> _STUDY MATERIAL_:
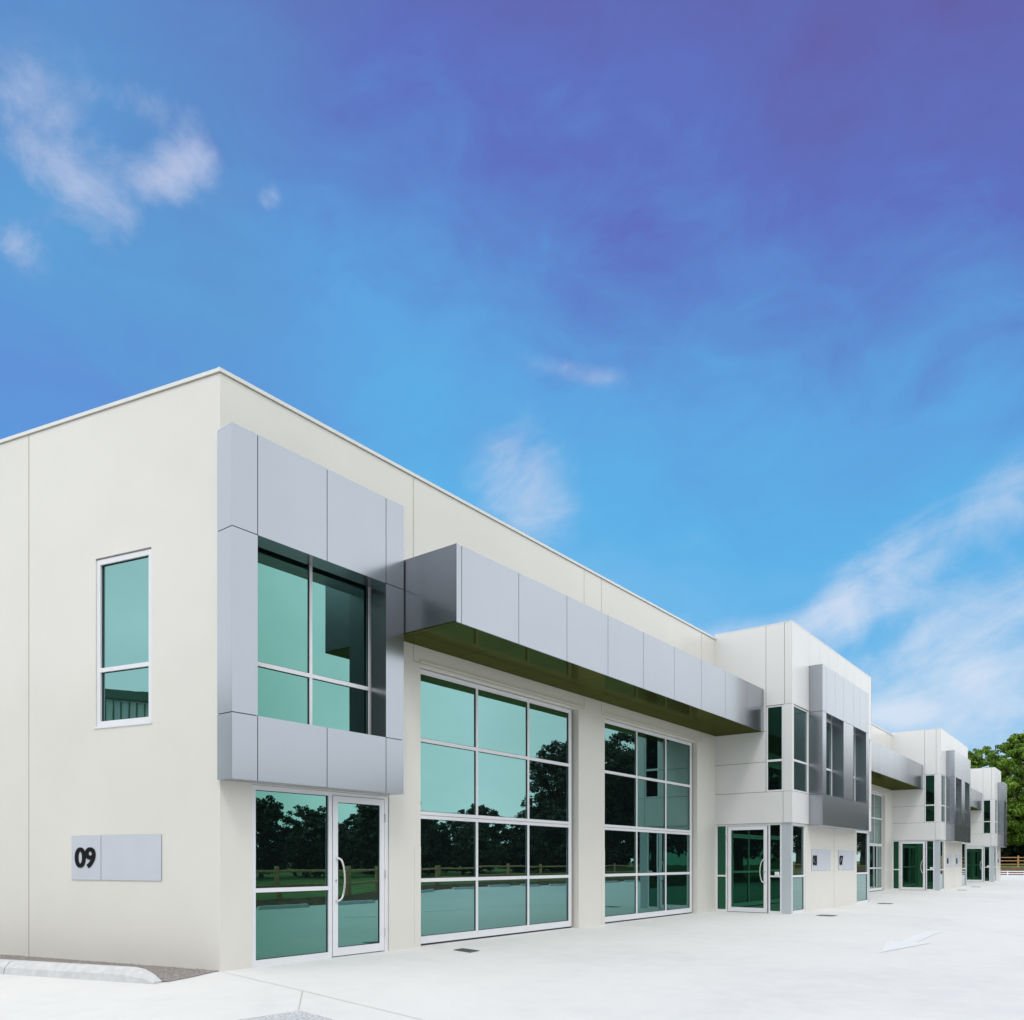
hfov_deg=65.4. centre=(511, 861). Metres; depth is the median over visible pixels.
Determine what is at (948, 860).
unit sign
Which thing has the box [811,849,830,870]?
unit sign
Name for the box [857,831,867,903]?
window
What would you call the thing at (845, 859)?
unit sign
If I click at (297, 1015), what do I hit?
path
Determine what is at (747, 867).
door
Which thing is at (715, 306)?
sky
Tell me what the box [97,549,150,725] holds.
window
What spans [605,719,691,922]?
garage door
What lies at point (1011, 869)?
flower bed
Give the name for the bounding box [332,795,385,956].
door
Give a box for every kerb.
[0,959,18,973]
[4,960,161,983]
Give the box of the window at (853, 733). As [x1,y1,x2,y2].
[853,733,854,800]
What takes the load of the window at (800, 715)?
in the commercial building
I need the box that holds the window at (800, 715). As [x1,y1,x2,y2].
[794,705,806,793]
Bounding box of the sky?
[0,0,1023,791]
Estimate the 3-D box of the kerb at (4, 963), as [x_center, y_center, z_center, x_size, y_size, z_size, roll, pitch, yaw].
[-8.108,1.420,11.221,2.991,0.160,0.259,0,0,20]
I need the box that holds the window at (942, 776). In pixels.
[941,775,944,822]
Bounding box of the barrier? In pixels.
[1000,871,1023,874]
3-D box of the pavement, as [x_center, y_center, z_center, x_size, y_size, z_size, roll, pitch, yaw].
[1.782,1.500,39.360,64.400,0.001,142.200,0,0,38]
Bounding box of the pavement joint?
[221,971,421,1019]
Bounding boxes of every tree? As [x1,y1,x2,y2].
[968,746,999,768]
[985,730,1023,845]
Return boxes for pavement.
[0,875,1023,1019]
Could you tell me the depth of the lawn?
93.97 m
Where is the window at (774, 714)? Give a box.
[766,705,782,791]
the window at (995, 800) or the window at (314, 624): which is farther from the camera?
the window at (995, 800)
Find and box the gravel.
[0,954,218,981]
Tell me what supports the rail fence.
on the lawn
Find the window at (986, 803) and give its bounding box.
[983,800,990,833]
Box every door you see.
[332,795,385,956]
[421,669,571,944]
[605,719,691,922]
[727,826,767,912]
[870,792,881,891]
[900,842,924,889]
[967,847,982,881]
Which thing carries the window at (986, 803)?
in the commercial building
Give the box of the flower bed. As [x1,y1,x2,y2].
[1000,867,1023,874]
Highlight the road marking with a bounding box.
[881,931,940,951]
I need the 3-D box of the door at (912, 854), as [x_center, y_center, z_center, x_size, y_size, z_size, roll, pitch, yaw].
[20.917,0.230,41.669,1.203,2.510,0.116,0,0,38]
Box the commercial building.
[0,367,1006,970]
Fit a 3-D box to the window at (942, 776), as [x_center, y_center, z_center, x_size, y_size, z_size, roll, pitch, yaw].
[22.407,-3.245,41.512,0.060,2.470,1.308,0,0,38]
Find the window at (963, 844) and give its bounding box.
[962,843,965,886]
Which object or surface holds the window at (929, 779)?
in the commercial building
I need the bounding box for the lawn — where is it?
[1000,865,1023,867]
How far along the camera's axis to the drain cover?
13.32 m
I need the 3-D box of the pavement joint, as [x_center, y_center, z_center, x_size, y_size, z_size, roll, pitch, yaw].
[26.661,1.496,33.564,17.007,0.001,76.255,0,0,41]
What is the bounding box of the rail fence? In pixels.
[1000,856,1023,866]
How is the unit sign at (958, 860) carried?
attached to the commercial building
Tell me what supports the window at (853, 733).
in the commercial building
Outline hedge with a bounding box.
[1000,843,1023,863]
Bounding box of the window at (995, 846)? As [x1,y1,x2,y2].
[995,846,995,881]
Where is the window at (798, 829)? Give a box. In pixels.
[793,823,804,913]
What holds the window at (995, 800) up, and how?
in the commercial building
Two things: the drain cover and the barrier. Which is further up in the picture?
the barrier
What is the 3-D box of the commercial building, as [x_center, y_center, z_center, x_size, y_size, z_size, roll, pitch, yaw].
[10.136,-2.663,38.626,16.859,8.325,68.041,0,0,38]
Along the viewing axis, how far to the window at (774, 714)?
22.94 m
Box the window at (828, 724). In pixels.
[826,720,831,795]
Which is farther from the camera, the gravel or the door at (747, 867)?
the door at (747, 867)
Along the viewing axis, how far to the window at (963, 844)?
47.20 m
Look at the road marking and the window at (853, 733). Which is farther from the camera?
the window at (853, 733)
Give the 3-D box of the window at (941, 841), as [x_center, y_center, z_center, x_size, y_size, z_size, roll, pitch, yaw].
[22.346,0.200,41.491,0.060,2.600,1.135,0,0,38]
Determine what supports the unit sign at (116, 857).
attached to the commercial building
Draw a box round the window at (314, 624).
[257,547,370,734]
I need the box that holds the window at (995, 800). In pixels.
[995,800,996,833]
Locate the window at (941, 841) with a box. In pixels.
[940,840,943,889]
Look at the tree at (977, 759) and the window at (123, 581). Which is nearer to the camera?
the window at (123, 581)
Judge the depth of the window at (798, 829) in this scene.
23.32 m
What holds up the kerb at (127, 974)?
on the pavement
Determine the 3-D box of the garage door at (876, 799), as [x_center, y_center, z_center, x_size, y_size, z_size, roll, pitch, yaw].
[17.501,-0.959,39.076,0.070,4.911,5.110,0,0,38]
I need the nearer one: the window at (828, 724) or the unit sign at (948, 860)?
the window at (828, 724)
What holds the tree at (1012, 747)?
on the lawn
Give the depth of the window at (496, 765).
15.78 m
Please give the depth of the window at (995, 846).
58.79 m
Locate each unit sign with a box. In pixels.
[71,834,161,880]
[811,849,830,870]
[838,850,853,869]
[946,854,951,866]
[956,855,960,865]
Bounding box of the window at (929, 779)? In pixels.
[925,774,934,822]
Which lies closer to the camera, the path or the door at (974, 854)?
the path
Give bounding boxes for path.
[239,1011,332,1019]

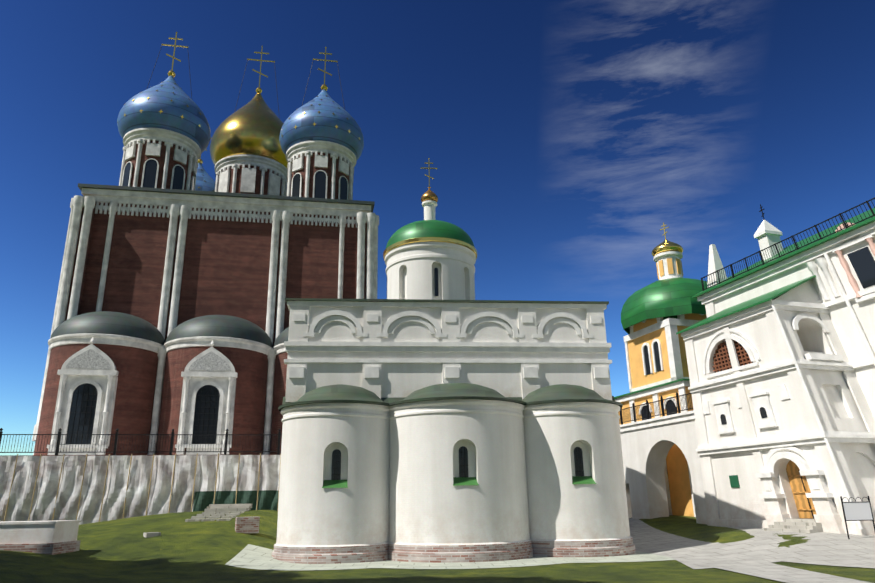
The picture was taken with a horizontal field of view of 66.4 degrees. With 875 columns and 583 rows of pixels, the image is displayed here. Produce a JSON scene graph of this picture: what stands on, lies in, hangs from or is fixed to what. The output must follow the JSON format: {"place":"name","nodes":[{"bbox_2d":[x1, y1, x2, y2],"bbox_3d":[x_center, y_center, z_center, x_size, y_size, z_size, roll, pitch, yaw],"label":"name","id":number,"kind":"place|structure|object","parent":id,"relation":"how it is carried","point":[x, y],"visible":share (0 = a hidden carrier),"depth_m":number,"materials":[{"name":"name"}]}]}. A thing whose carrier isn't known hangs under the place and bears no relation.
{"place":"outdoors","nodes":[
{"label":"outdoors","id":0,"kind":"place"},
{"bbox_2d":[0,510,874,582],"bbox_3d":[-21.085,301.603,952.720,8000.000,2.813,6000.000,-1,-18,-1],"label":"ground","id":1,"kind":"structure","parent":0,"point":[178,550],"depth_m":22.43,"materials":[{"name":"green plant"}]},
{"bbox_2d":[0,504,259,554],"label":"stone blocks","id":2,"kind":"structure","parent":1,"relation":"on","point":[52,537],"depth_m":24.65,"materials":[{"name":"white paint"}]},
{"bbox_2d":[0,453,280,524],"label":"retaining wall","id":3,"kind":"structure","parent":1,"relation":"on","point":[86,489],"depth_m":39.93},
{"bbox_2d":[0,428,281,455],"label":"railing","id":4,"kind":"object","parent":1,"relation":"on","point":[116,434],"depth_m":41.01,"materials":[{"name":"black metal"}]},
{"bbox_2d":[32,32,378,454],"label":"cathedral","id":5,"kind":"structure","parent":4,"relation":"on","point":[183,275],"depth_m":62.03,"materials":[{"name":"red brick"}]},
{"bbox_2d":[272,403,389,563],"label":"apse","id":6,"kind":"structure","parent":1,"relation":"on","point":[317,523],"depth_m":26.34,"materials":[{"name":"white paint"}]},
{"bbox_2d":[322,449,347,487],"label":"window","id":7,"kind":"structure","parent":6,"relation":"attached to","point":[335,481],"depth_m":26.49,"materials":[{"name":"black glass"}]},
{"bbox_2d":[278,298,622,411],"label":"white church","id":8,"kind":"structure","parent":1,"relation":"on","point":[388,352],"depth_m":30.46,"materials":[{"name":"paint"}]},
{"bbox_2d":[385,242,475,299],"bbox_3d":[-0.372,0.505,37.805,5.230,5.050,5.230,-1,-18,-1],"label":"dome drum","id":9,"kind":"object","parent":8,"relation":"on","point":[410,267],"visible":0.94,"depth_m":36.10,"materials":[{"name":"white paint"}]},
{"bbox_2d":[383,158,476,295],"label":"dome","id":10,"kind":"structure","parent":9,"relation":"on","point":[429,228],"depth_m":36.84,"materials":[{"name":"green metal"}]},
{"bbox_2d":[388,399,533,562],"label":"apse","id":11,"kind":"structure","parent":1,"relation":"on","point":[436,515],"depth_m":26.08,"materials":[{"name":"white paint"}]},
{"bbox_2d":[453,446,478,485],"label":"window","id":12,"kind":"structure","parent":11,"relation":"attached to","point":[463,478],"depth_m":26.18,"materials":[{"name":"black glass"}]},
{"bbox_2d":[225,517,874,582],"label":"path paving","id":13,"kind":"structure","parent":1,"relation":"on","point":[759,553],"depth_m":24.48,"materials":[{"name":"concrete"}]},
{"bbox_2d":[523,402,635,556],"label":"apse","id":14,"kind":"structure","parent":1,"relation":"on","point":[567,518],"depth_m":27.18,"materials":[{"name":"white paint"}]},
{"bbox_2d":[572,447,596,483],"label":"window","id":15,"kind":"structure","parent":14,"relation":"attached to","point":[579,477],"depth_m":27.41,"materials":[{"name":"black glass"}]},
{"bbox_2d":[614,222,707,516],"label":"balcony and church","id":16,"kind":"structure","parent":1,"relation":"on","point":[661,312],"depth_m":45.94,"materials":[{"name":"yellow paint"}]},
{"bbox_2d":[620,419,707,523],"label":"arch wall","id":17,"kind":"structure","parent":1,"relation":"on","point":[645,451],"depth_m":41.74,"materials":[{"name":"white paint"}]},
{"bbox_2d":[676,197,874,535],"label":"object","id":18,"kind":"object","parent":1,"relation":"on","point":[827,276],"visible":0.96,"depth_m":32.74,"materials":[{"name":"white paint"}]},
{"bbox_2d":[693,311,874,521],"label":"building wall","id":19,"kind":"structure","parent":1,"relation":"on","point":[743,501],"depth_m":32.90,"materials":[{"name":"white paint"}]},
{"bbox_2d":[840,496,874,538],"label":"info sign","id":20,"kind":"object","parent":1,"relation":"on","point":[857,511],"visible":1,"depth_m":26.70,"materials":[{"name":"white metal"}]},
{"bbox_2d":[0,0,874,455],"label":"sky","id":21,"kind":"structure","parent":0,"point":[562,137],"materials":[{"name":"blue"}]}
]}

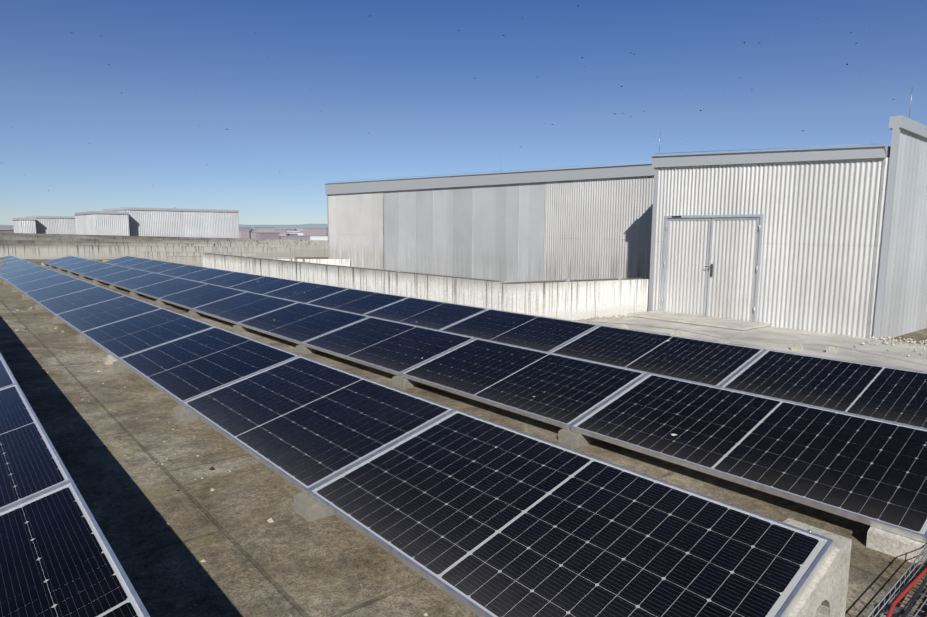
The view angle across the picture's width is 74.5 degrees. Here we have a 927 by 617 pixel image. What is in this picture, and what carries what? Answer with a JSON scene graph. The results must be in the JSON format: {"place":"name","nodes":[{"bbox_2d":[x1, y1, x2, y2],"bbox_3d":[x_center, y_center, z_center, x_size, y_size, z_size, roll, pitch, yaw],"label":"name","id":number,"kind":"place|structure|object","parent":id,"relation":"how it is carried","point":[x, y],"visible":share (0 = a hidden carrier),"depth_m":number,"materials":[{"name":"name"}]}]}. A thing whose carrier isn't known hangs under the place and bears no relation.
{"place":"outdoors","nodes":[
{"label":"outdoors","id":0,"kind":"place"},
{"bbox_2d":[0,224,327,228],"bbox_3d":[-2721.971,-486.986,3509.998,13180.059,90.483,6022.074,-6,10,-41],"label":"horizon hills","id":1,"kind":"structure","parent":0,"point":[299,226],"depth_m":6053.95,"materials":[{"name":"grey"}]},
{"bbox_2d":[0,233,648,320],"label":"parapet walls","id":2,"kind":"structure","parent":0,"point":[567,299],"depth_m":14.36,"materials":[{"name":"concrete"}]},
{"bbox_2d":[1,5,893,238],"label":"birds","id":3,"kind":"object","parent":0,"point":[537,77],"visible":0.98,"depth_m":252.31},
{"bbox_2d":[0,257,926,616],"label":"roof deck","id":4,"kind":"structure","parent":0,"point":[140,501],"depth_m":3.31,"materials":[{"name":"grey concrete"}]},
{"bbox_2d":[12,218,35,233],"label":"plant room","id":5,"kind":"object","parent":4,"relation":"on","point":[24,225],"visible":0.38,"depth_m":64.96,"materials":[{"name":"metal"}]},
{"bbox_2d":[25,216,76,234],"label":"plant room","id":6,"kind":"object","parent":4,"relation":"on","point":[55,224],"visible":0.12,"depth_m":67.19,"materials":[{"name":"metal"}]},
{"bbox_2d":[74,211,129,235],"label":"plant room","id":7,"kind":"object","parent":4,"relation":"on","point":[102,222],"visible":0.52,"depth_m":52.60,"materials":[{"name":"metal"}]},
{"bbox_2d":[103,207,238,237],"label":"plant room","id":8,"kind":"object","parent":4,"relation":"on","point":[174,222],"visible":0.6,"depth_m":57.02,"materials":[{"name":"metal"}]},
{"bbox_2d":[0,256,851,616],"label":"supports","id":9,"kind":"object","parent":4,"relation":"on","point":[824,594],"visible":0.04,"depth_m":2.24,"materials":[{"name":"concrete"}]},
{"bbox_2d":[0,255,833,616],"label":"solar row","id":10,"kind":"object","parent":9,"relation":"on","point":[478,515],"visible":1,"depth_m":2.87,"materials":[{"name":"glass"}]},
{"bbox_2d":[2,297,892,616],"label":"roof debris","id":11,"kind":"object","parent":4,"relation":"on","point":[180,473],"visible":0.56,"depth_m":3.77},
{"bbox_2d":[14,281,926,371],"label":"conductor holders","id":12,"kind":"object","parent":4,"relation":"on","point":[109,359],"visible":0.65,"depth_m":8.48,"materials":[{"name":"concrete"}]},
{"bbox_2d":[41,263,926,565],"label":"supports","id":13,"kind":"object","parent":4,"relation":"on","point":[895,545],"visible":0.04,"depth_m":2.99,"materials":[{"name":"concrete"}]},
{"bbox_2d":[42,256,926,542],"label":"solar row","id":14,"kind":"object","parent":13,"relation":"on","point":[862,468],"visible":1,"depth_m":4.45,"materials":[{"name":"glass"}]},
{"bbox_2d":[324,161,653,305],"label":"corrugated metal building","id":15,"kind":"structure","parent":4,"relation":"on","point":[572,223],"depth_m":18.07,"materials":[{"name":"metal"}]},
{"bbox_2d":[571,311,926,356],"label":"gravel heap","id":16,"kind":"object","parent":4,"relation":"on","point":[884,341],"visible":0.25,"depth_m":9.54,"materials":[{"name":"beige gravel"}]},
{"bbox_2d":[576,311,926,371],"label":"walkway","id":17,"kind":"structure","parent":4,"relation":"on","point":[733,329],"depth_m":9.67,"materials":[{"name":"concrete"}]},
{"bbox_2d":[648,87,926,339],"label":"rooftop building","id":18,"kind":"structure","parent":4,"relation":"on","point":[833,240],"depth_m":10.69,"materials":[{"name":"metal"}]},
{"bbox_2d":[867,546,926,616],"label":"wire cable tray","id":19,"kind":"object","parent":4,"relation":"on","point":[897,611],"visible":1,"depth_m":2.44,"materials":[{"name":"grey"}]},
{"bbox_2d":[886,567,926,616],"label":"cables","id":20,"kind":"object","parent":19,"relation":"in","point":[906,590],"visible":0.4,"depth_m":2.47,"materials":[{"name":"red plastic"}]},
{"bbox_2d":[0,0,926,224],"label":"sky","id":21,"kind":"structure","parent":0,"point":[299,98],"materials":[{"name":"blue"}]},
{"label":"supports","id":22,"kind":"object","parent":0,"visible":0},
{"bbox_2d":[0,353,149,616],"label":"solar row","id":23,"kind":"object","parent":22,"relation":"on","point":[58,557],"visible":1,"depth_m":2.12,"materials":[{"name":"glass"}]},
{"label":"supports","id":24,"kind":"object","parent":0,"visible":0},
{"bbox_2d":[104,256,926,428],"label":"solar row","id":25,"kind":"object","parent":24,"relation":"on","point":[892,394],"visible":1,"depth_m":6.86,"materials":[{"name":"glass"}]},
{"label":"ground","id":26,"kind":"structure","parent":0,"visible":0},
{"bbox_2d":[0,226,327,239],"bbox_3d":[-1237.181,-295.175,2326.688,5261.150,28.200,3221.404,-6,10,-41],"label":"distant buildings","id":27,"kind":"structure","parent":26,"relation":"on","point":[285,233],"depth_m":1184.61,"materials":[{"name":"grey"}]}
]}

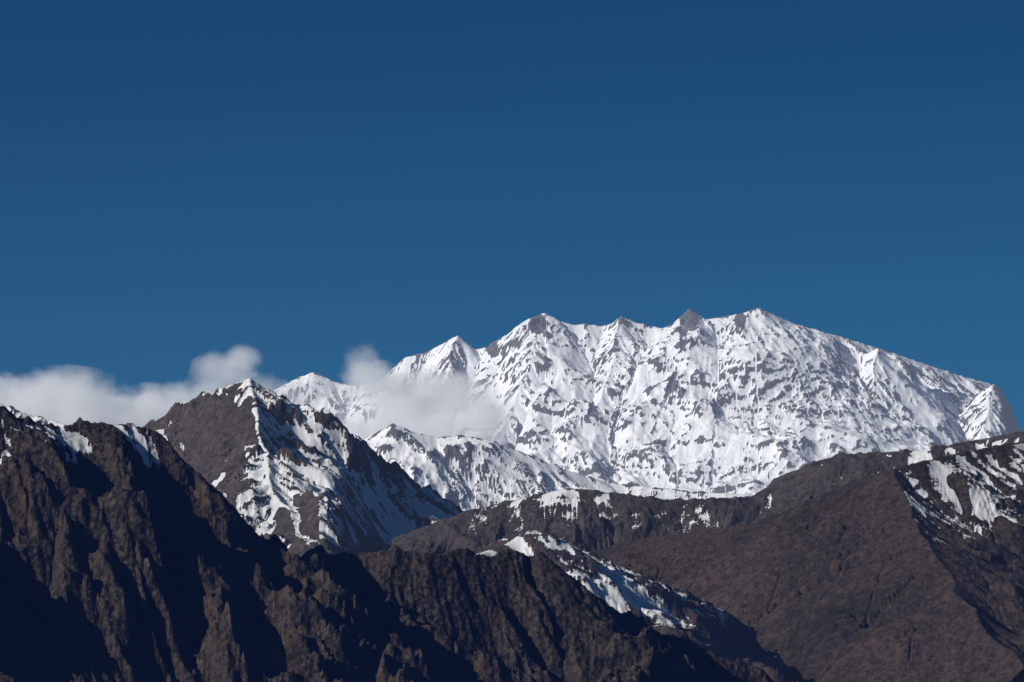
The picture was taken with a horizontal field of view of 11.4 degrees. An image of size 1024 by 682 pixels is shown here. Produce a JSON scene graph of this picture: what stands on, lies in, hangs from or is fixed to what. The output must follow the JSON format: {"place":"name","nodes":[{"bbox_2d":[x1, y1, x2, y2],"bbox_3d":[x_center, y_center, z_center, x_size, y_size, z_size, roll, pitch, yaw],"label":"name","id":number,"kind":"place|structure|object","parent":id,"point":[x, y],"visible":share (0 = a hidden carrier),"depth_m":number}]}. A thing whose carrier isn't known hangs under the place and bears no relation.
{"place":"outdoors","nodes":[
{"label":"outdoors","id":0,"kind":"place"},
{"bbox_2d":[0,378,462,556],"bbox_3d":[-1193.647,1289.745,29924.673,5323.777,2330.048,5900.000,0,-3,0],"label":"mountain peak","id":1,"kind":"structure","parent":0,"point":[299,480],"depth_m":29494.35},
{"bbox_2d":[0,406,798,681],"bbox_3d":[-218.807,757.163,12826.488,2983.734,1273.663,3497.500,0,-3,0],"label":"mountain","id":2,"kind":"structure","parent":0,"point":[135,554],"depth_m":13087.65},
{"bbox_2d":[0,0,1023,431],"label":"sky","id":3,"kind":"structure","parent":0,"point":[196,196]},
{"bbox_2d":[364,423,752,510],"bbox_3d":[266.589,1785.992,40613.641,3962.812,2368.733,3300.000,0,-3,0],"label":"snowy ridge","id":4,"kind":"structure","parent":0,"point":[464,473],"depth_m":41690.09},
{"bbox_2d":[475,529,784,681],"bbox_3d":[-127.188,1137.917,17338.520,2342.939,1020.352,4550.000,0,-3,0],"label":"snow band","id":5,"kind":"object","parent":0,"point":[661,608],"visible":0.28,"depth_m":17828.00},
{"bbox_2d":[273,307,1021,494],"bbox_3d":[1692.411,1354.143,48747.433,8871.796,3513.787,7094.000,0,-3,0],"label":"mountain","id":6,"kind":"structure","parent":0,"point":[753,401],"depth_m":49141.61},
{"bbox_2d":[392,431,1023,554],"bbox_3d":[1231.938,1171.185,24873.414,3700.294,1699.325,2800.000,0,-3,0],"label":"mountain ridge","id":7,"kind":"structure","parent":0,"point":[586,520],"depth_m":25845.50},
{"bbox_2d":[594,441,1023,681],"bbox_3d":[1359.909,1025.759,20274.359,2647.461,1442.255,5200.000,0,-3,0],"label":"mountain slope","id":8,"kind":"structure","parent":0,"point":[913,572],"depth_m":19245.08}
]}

> _ABOUT THIS EXERCISE_:
A word-for-word copy of the lines above from the one with "Which thing has the box [811,849,830,870]?" through the one with "[421,669,571,944]", inclusive, is the only output wanted.

> _ANSWER TO THE PROBLEM_:
Which thing has the box [811,849,830,870]?
unit sign
Name for the box [857,831,867,903]?
window
What would you call the thing at (845, 859)?
unit sign
If I click at (297, 1015), what do I hit?
path
Determine what is at (747, 867).
door
Which thing is at (715, 306)?
sky
Tell me what the box [97,549,150,725] holds.
window
What spans [605,719,691,922]?
garage door
What lies at point (1011, 869)?
flower bed
Give the name for the bounding box [332,795,385,956].
door
Give a box for every kerb.
[0,959,18,973]
[4,960,161,983]
Give the box of the window at (853, 733). As [x1,y1,x2,y2].
[853,733,854,800]
What takes the load of the window at (800, 715)?
in the commercial building
I need the box that holds the window at (800, 715). As [x1,y1,x2,y2].
[794,705,806,793]
Bounding box of the sky?
[0,0,1023,791]
Estimate the 3-D box of the kerb at (4, 963), as [x_center, y_center, z_center, x_size, y_size, z_size, roll, pitch, yaw].
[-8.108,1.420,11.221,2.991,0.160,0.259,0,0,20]
I need the box that holds the window at (942, 776). In pixels.
[941,775,944,822]
Bounding box of the barrier? In pixels.
[1000,871,1023,874]
3-D box of the pavement, as [x_center, y_center, z_center, x_size, y_size, z_size, roll, pitch, yaw].
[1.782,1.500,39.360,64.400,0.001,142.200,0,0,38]
Bounding box of the pavement joint?
[221,971,421,1019]
Bounding boxes of every tree? As [x1,y1,x2,y2].
[968,746,999,768]
[985,730,1023,845]
Return boxes for pavement.
[0,875,1023,1019]
Could you tell me the depth of the lawn?
93.97 m
Where is the window at (774, 714)? Give a box.
[766,705,782,791]
the window at (995, 800) or the window at (314, 624): which is farther from the camera?
the window at (995, 800)
Find and box the gravel.
[0,954,218,981]
Tell me what supports the rail fence.
on the lawn
Find the window at (986, 803) and give its bounding box.
[983,800,990,833]
Box every door you see.
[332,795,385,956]
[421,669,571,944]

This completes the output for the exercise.